Amid rising debt profile, inflation and unemployment, Nigeria, Africa’s biggest economy, has entered its second recession in five years as official figures published on Saturday showed that the economy shrank again in the third quarter of this year.
This year’s recession is the worst in 36 years as data obtained from the World Bank showed that the country’s GDP dropped by 10.92 per cent in 1983 and 1.2 per cent in 1984.
The World Bank said in June that the collapse in crude oil prices, coupled with the COVID-19 pandemic was expected to “plunge the Nigerian economy into a severe recession, the worst since the 1980s”.
The NBS, in its Gross Domestic Product report for Q3, said the GDP, the broadest measure of economic prosperity, fell by 3.62 per cent in the three months up till September.
For the first time in more than three years, the Nigerian economy shrank in Q2 as the GDP fell by 6.10 per cent, compared with a growth of 1.87 per cent in Q1.
Economists consider two consecutive quarters of shrinking GDP as the technical definition of a recession.
“The performance of the economy in Q3 2020 reflected residual effects of the restrictions to movement and economic activity implemented across the country in early Q2 in response to the COVID-19 pandemic,” the NBS said.
It said as the restrictions were lifted, businesses reopened and international travel and trading activities resumed, some economic activities had returned to positive growth.
“A total of 18 economic activities recorded positive growth in Q3 2020, compared to 13 activities in Q2 2020,” it added.
The statistics office said aggregate GDP stood at N39.09tn in nominal terms and N17.82tn in real terms in the period under review.
It said the average daily oil production recorded in Q3 dropped to 1.67 million barrels per day from 2.04 million bpd in the same quarter of 2019 and 1.81 million bpd in Q2 2020.
The oil sector contributed 8.73 per cent to total real GDP in Q3, down from 9.77 per cent and 8.93 per cent respectively recorded in Q3 2019 and Q2 2020.
The contribution of the non-oil sector to the GDP, however, increased to 91.27 in Q3 from 90.23 per cent in Q3 2019 and 91.07 per cent in Q2 2020.
The NBS said in August that the economic decline in Q2 was largely attributable to significantly lower levels of both domestic and international economic activities resulting from nationwide shutdown efforts aimed at containing the COVID-19 pandemic.

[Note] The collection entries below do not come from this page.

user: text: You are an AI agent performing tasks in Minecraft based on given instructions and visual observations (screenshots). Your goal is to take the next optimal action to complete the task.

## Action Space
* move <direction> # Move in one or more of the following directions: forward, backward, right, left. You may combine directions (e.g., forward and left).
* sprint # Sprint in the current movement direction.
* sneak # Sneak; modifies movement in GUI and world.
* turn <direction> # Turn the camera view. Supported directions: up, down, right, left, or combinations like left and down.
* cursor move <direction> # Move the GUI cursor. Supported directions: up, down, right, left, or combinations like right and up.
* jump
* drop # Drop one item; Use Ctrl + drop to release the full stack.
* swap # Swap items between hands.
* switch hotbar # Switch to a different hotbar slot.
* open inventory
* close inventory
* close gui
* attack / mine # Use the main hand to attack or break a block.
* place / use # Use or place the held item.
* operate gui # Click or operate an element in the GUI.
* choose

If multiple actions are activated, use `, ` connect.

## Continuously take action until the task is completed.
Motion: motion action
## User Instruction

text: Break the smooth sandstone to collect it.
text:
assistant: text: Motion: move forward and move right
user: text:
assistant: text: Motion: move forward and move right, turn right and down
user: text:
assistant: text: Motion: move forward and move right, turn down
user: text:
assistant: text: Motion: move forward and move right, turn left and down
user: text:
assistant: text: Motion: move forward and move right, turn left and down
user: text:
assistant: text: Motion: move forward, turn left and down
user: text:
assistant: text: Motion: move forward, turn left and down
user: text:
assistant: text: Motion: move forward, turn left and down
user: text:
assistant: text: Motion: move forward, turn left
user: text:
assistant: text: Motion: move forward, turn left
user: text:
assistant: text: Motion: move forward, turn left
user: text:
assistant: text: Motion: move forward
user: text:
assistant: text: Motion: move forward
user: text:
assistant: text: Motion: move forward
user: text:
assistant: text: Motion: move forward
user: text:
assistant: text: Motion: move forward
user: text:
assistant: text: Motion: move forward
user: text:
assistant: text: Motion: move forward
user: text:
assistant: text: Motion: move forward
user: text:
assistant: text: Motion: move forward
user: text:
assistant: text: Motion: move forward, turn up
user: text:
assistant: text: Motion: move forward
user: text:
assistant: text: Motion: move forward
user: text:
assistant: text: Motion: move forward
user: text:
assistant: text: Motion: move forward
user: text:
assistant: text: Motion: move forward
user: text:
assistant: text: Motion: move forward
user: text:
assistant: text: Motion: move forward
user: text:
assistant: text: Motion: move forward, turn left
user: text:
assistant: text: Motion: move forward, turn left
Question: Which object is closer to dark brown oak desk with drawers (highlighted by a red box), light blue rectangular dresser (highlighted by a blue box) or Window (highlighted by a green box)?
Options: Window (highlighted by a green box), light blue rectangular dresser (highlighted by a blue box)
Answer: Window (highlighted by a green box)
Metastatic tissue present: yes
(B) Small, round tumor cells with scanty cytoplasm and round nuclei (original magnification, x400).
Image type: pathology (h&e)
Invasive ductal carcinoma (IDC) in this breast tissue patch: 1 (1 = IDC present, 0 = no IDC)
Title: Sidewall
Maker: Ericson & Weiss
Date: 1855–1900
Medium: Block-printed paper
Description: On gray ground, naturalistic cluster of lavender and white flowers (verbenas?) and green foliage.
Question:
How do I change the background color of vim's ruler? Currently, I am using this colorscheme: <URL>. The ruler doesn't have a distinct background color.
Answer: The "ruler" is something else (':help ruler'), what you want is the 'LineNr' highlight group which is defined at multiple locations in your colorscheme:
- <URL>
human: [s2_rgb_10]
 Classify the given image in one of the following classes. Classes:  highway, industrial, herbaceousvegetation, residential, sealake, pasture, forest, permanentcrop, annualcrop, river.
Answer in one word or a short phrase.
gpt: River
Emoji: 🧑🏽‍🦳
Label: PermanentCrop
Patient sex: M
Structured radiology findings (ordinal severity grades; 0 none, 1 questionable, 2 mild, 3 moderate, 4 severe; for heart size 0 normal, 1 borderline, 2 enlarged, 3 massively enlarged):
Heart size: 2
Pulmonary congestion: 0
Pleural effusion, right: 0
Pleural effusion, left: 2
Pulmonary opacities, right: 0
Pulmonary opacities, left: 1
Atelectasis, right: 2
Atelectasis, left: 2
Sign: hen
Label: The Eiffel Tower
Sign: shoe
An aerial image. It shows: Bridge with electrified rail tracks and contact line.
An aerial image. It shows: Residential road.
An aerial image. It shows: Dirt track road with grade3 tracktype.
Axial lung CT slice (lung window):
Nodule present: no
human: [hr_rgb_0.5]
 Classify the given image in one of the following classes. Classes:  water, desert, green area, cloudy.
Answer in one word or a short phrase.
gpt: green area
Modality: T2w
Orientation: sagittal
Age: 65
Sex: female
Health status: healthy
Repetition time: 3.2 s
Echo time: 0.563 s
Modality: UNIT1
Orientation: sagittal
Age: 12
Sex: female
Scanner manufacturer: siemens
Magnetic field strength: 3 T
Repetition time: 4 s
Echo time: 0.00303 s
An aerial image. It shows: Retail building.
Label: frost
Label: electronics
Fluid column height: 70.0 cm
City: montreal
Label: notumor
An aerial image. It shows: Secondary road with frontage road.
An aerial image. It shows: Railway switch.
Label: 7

It said the contraction in Q2 brought to an end the three-year trend of low but positive real growth rates recorded since the 2016/17 recession.
The country has seen its debt, inflation and unemployment levels rise this year – a development many experts have described as worrisome.
Total public debt, constituting both the federal and state governments’ external and domestic debt, in the first half of 2020 stood at N31.01tn or 22.3 per cent of GDP, a sizeable increase of 20.6 per cent over its level at the end of June 2019, according to the Central Bank of Nigeria.
The CBN, in its half-year 2020 economic report, said total public debt outstanding was driven by rising fiscal deficits and associated borrowings, induced by low revenue inflow in the face of relatively high expenditure.
It said the rising cost of debt service underscored “a precarious liquidity position that could impair the government’s fiscal space, as well as its growth objectives”.
Inflation rate in the country jumped to 14.23 per cent in October from 13.71 per cent in September, according to the NBS.
Analysts at Financial Derivatives Company Limited, led by Mr Bismarck Rewane, said the policy of restricting imports despite numerous impediments to local supply would remain a major driving factor for rising inflation in the coming months.
“The unrelenting rise in inflation coupled with a deeper contraction in Q3 GDP will make the outcome of the MPC (Monetary Policy Committee) meeting a tough call,” they said in their latest monthly economic update.
The MPC of the CBN will hold its next meeting on Monday and Tuesday.
The bureau said in August that unemployment rate rose to 27.1 per cent in Q2 2020 from the 23.1 per cent recorded in Q3 2018, while underemployment rate increased to 28.6 per cent from 20.1 per cent.
Last week, the Chairman of the Presidential Economic Advisory Council, Prof Doyin Salami, described the country’s economic challenge as “a very significant and potentially severe one, saying 19 million jobs needed to be created yearly to solve the unemployment problem.”
The Nigerian economy, which emerged from its first recession in 25 years in Q2 2017 when it posted a 0.7 per cent growth, had continued its slow recovery since then but the COVID-19 crisis made things worse.
In 2016, the economy slipped into recession in Q2 as the GDP shrank by 2.1 per cent after falling by 0.4 per cent in Q1 on the back of the steep fall in global crude oil prices and the country’s production volumes. – Punch.